TASK INSTRUCTIONS
Extract from the entries below, exactly as given, only the lines from the line containing "1.78C86.773 1.78 81.369" to the line containing "2.217V27.448H118.777C124.464 27.448 128.219", both lines included.

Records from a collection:
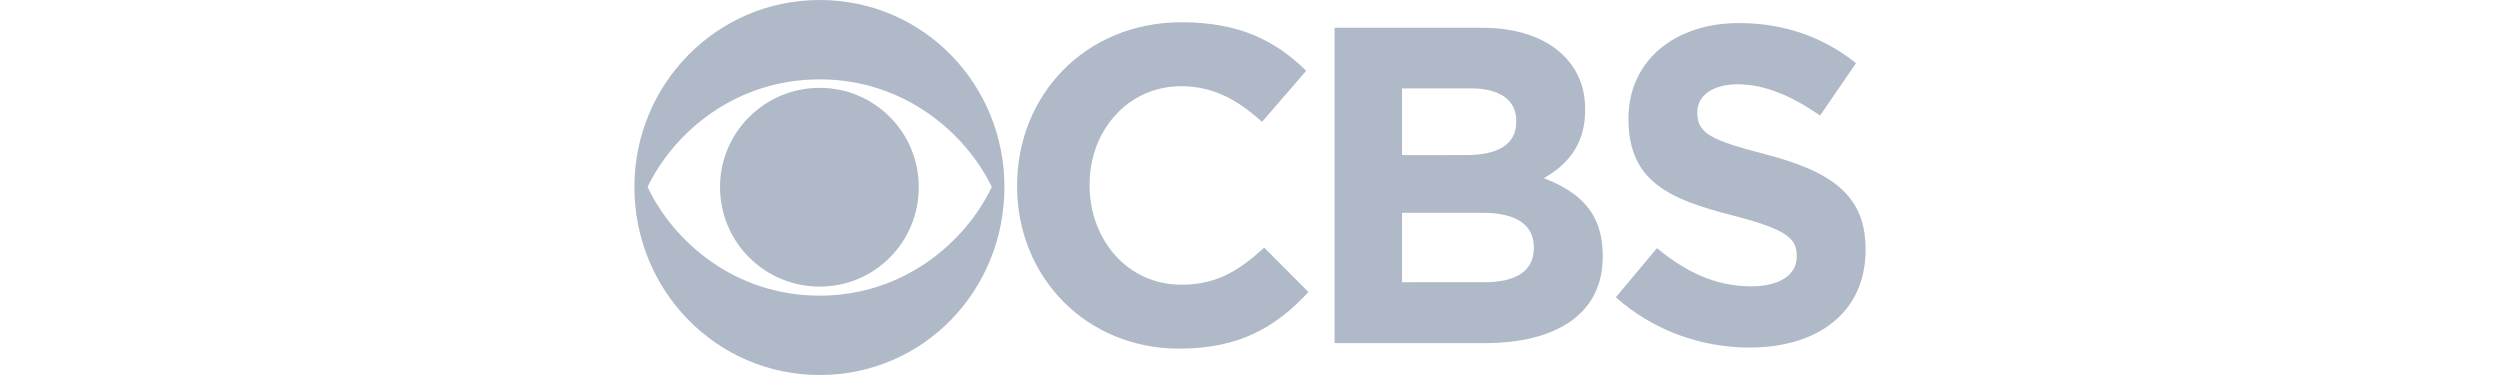 <?xml version="1.0" encoding="UTF-8"?>
<svg xmlns="http://www.w3.org/2000/svg" width="200" height="30" viewBox="0 0 200 30" fill="none">
  <g clip-path="url(#clip0_1_1509)">
    <path d="M65.575 0C57.318 0 50.752 6.742 50.752 14.954C50.752 23.256 57.318 30 65.575 30C73.876 30 80.354 23.258 80.354 14.957C80.355 6.744 73.876 0 65.575 0ZM65.575 6.348C72.317 6.348 77.256 10.629 79.343 14.957C77.256 19.35 72.317 23.652 65.575 23.652C58.789 23.652 53.89 19.349 51.804 14.957C53.89 10.631 58.791 6.35 65.575 6.35V6.348ZM65.575 7.028C61.183 7.028 57.602 10.583 57.602 14.954C57.602 19.391 61.183 22.927 65.575 22.927C69.967 22.927 73.501 19.391 73.501 14.957C73.501 10.586 69.967 7.028 65.575 7.028Z" fill="#AFB9C8"></path>
    <path d="M94.525 1.78C86.773 1.78 81.369 7.665 81.369 14.823V14.91C81.369 22.157 86.883 27.89 94.329 27.89C99.182 27.89 102.082 26.154 104.674 23.364L101.137 19.81C99.16 21.609 97.379 22.776 94.502 22.776C90.176 22.776 87.167 19.148 87.167 14.823V14.758C87.167 10.432 90.242 6.895 94.502 6.895C97.028 6.895 99.004 7.971 100.959 9.751L104.496 5.665C102.146 3.359 99.291 1.78 94.525 1.78Z" fill="#AFB9C8"></path>
    <path d="M106.765 2.217V27.448H118.777C124.464 27.448 128.219 25.145 128.219 20.535V20.446C128.219 17.064 126.42 15.371 123.497 14.253C125.298 13.243 126.813 11.663 126.813 8.808V8.743C126.813 7.005 126.241 5.601 125.078 4.437C123.63 3.01 121.368 2.217 118.489 2.217H106.765ZM112.165 7.07H117.657C120.007 7.07 121.3 8.014 121.3 9.661V9.75C121.3 11.617 119.742 12.407 117.283 12.407L112.165 12.41V7.07ZM112.165 17.022H118.602C121.432 17.022 122.706 18.077 122.706 19.768V19.854C122.706 21.721 121.214 22.576 118.777 22.576L112.165 22.579V17.022Z" fill="#AFB9C8"></path>
    <path d="M139.105 1.845C133.967 1.845 130.279 4.875 130.279 9.463V9.531C130.279 14.54 133.571 15.946 138.645 17.242C142.861 18.338 143.738 19.04 143.738 20.446V20.535C143.738 22.005 142.353 22.906 140.092 22.906C137.193 22.906 134.822 21.718 132.559 19.852L129.266 23.783C132.296 26.485 136.161 27.804 139.982 27.804V27.801C145.428 27.801 149.248 24.989 149.248 19.985V19.92C149.248 15.507 146.351 13.68 141.233 12.342C136.886 11.22 135.786 10.673 135.786 9.025V8.96C135.786 7.73 136.906 6.743 139.037 6.743C141.168 6.743 143.364 7.685 145.605 9.243L148.481 5.052C145.933 3.01 142.795 1.845 139.105 1.845Z" fill="#AFB9C8"></path>
  </g>
  <defs>
    <clipPath id="clip0_1_1509">
      <rect width="98.497" height="30" fill="white" transform="translate(50.752)"></rect>
    </clipPath>
  </defs>
</svg>

EXPECTED ANSWER
    <path d="M94.525 1.78C86.773 1.78 81.369 7.665 81.369 14.823V14.91C81.369 22.157 86.883 27.89 94.329 27.89C99.182 27.89 102.082 26.154 104.674 23.364L101.137 19.81C99.16 21.609 97.379 22.776 94.502 22.776C90.176 22.776 87.167 19.148 87.167 14.823V14.758C87.167 10.432 90.242 6.895 94.502 6.895C97.028 6.895 99.004 7.971 100.959 9.751L104.496 5.665C102.146 3.359 99.291 1.78 94.525 1.78Z" fill="#AFB9C8"></path>
    <path d="M106.765 2.217V27.448H118.777C124.464 27.448 128.219 25.145 128.219 20.535V20.446C128.219 17.064 126.42 15.371 123.497 14.253C125.298 13.243 126.813 11.663 126.813 8.808V8.743C126.813 7.005 126.241 5.601 125.078 4.437C123.63 3.01 121.368 2.217 118.489 2.217H106.765ZM112.165 7.07H117.657C120.007 7.07 121.3 8.014 121.3 9.661V9.75C121.3 11.617 119.742 12.407 117.283 12.407L112.165 12.41V7.07ZM112.165 17.022H118.602C121.432 17.022 122.706 18.077 122.706 19.768V19.854C122.706 21.721 121.214 22.576 118.777 22.576L112.165 22.579V17.022Z" fill="#AFB9C8"></path>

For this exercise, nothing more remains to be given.